--- Exercise inputs Enclosed Below ---

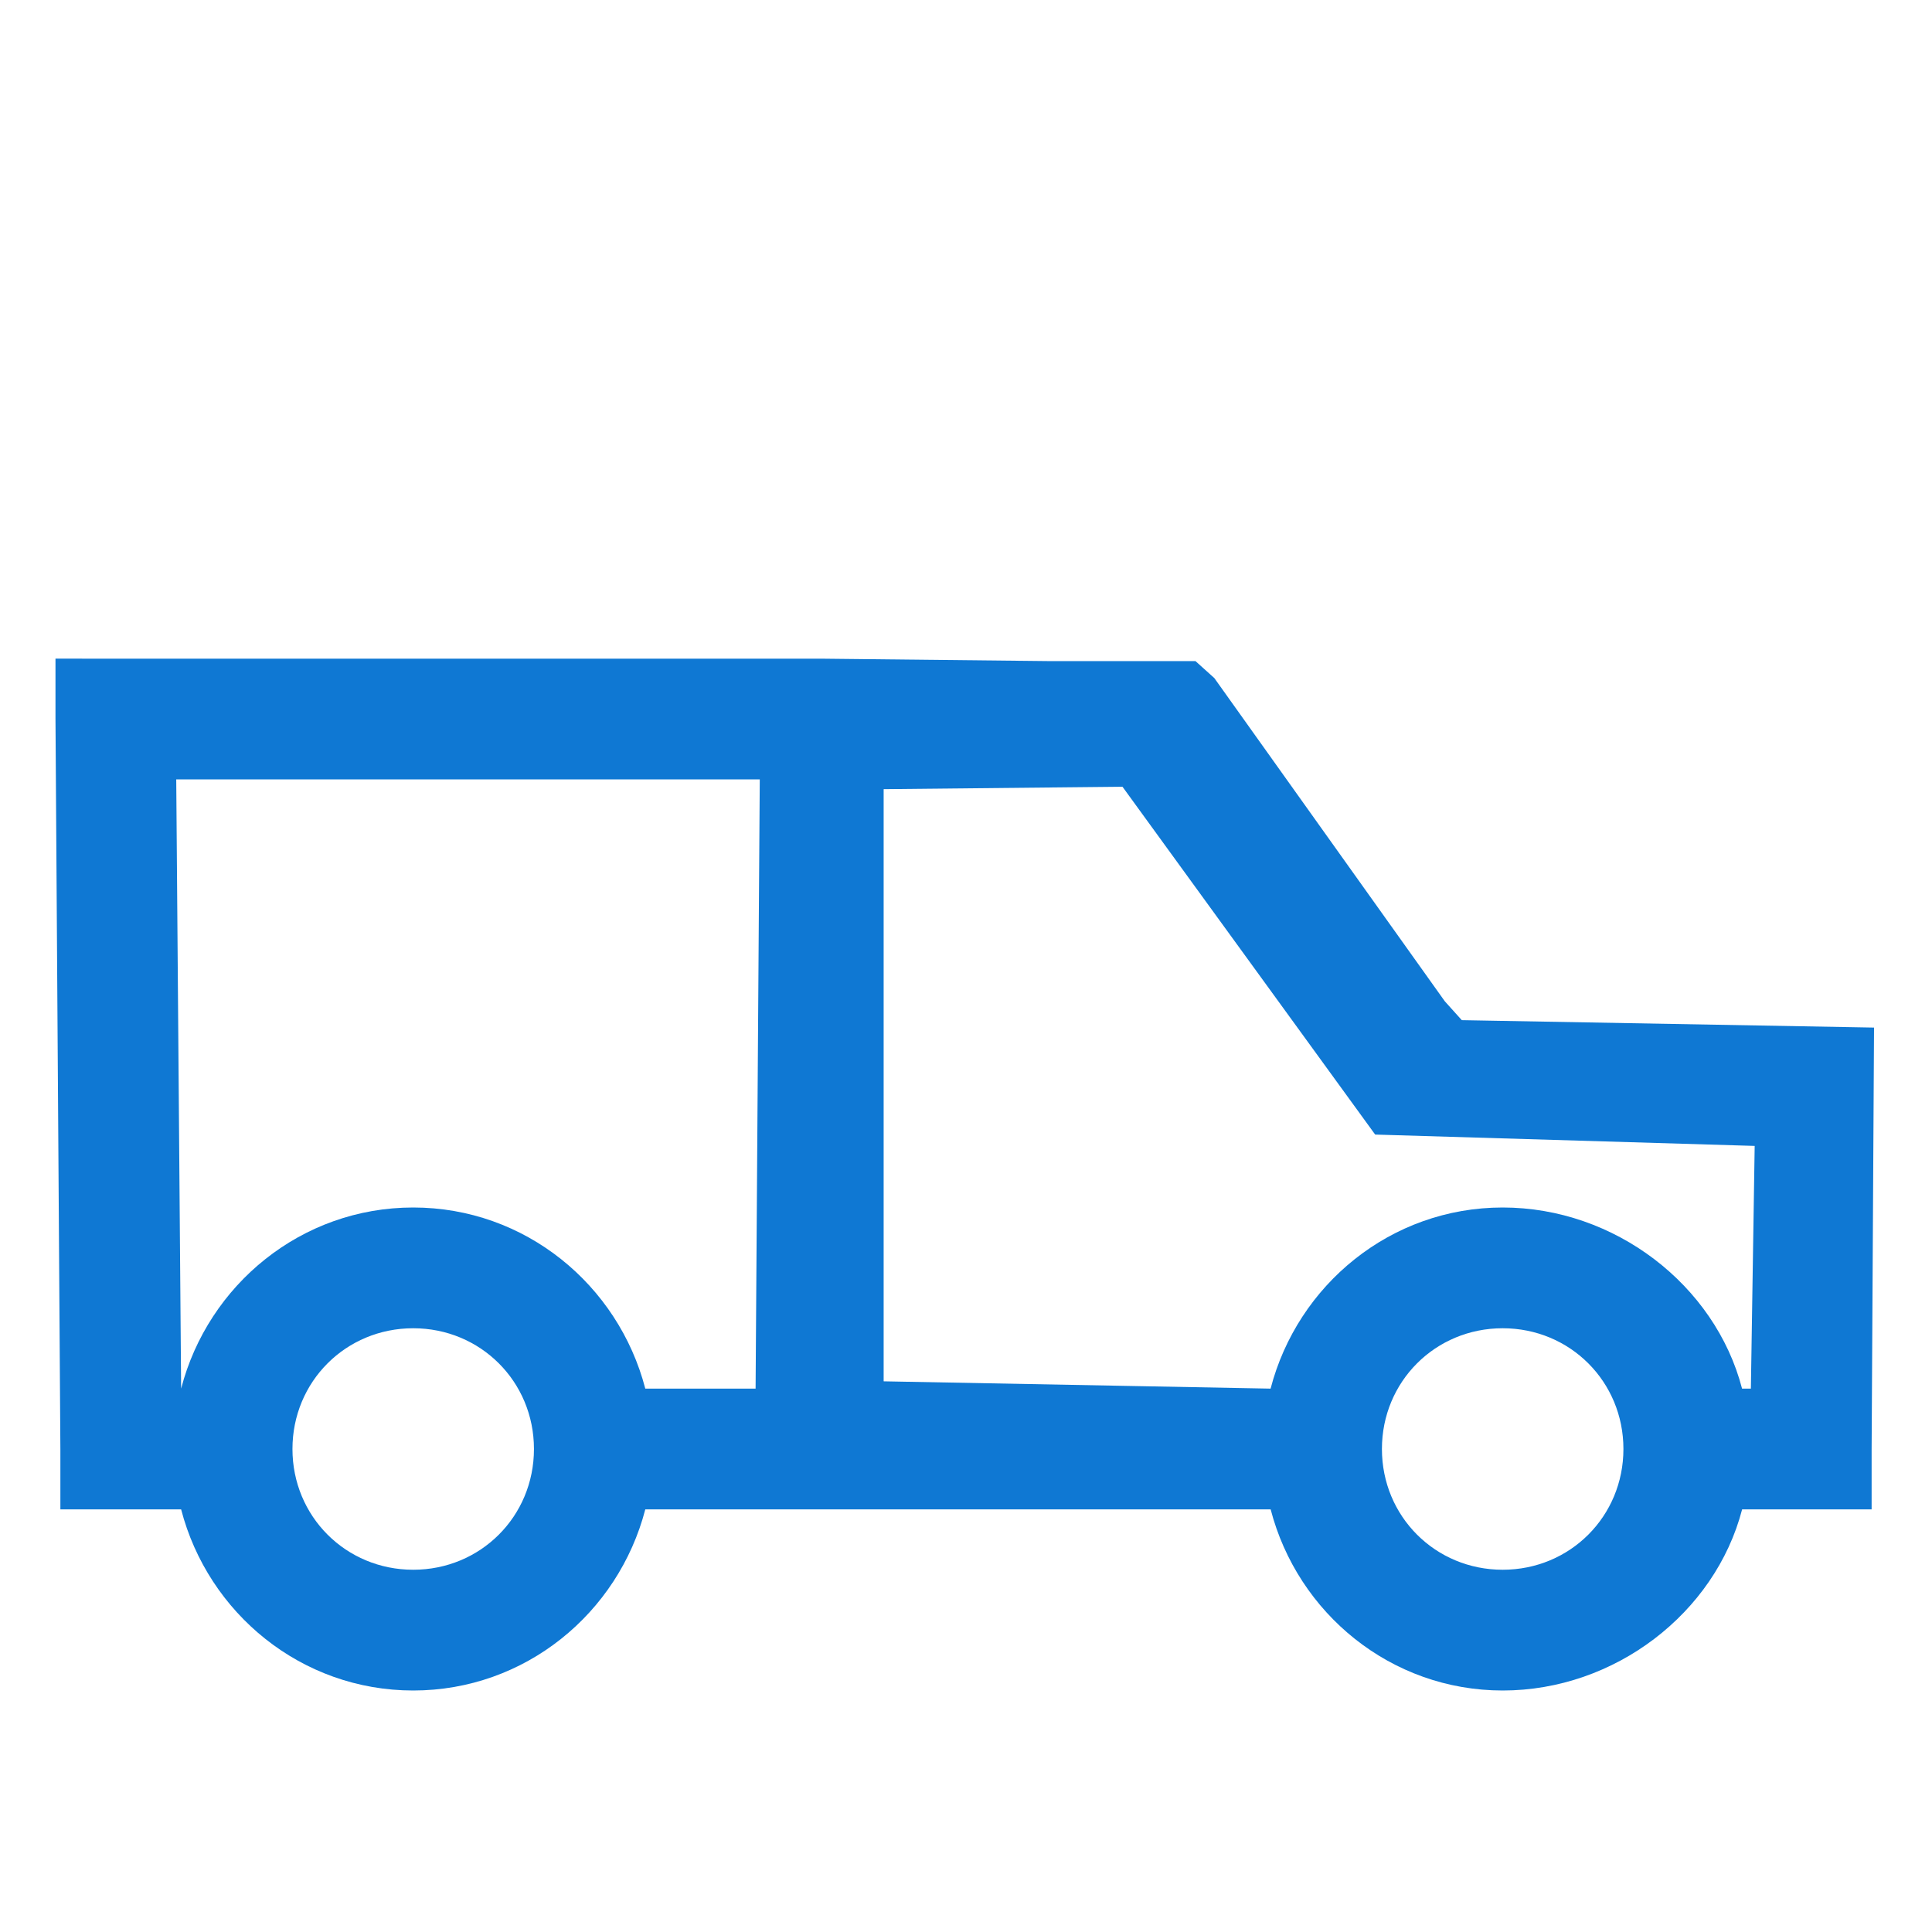 <?xml version="1.0" encoding="UTF-8" standalone="no"?>
<svg
   xmlns:dc="http://purl.org/dc/elements/1.1/"
   xmlns:cc="http://creativecommons.org/ns#"
   xmlns:rdf="http://www.w3.org/1999/02/22-rdf-syntax-ns#"
   xmlns:svg="http://www.w3.org/2000/svg"
   xmlns="http://www.w3.org/2000/svg"
   id="svg2850"
   version="1.1"
   viewBox="0 0 32 32">
  <defs
     id="defs2854" />
  <path
     id="path2848"
     d="m 0.919,10.909 v 1 L 1,24 v 1 h 1 1 c 0.447,1.72 1.991,3 3.844,3 1.853,0 3.397,-1.28 3.844,-3 h 10.358 c 0.447,1.72 1.991,3 3.844,3 1.853,0 3.518,-1.28 3.965,-3 H 30 31 v -1 l 0.04,-6.98 -6.828,-0.123 -0.281,-0.312 -3.818,-5.354 -0.312,-0.281 h -0.406 l -2.01,-4e-6 -3.747,-0.04 v 0 l -11.717,4e-6 z m 2,2 H 12.636 L 12.596,11.182 12.515,23 H 10.688 C 10.24,21.28 8.697,20 6.844,20 4.991,20 3.447,21.28 3,23 v 0 z m 11.717,0.162 3.956,-0.04 4.185,5.761 6.286,0.188 L 29,23 h -0.146 c -0.447,-1.72 -2.112,-3 -3.965,-3 -1.853,0 -3.397,1.28 -3.844,3 L 14.636,22.879 Z M 6.844,22 c 1.116,0 2,0.884 2,2 0,1.116 -0.884,2 -2,2 -1.116,0 -2,-0.884 -2,-2 0,-1.116 0.884,-2 2,-2 z m 18.045,0 c 1.116,0 2,0.884 2,2 0,1.116 -0.884,2 -2,2 -1.116,0 -2,-0.884 -2,-2 0,-1.116 0.884,-2 2,-2 z"
     style="opacity:1;fill:#0f78d3;fill-opacity:1;stroke:none;stroke-width:0.453;stroke-linejoin:round;stroke-miterlimit:4;stroke-dasharray:none;stroke-opacity:1" />
</svg>

--- End of Enclosed Exercise inputs ---

Required action: Write the data above out again exactly, minus its pictures.

Exercise response:
 <?xml version="1.0" encoding="UTF-8" standalone="no"?>
<svg
   xmlns:dc="http://purl.org/dc/elements/1.1/"
   xmlns:cc="http://creativecommons.org/ns#"
   xmlns:rdf="http://www.w3.org/1999/02/22-rdf-syntax-ns#"
   xmlns:svg="http://www.w3.org/2000/svg"
   xmlns="http://www.w3.org/2000/svg"
   id="svg2850"
   version="1.1"
   viewBox="0 0 32 32">
  <defs
     id="defs2854" />
  <path
     id="path2848"
     d="m 0.919,10.909 v 1 L 1,24 v 1 h 1 1 c 0.447,1.72 1.991,3 3.844,3 1.853,0 3.397,-1.28 3.844,-3 h 10.358 c 0.447,1.72 1.991,3 3.844,3 1.853,0 3.518,-1.28 3.965,-3 H 30 31 v -1 l 0.04,-6.98 -6.828,-0.123 -0.281,-0.312 -3.818,-5.354 -0.312,-0.281 h -0.406 l -2.01,-4e-6 -3.747,-0.04 v 0 l -11.717,4e-6 z m 2,2 H 12.636 L 12.596,11.182 12.515,23 H 10.688 C 10.24,21.28 8.697,20 6.844,20 4.991,20 3.447,21.28 3,23 v 0 z m 11.717,0.162 3.956,-0.04 4.185,5.761 6.286,0.188 L 29,23 h -0.146 c -0.447,-1.72 -2.112,-3 -3.965,-3 -1.853,0 -3.397,1.28 -3.844,3 L 14.636,22.879 Z M 6.844,22 c 1.116,0 2,0.884 2,2 0,1.116 -0.884,2 -2,2 -1.116,0 -2,-0.884 -2,-2 0,-1.116 0.884,-2 2,-2 z m 18.045,0 c 1.116,0 2,0.884 2,2 0,1.116 -0.884,2 -2,2 -1.116,0 -2,-0.884 -2,-2 0,-1.116 0.884,-2 2,-2 z"
     style="opacity:1;fill:#0f78d3;fill-opacity:1;stroke:none;stroke-width:0.453;stroke-linejoin:round;stroke-miterlimit:4;stroke-dasharray:none;stroke-opacity:1" />
</svg>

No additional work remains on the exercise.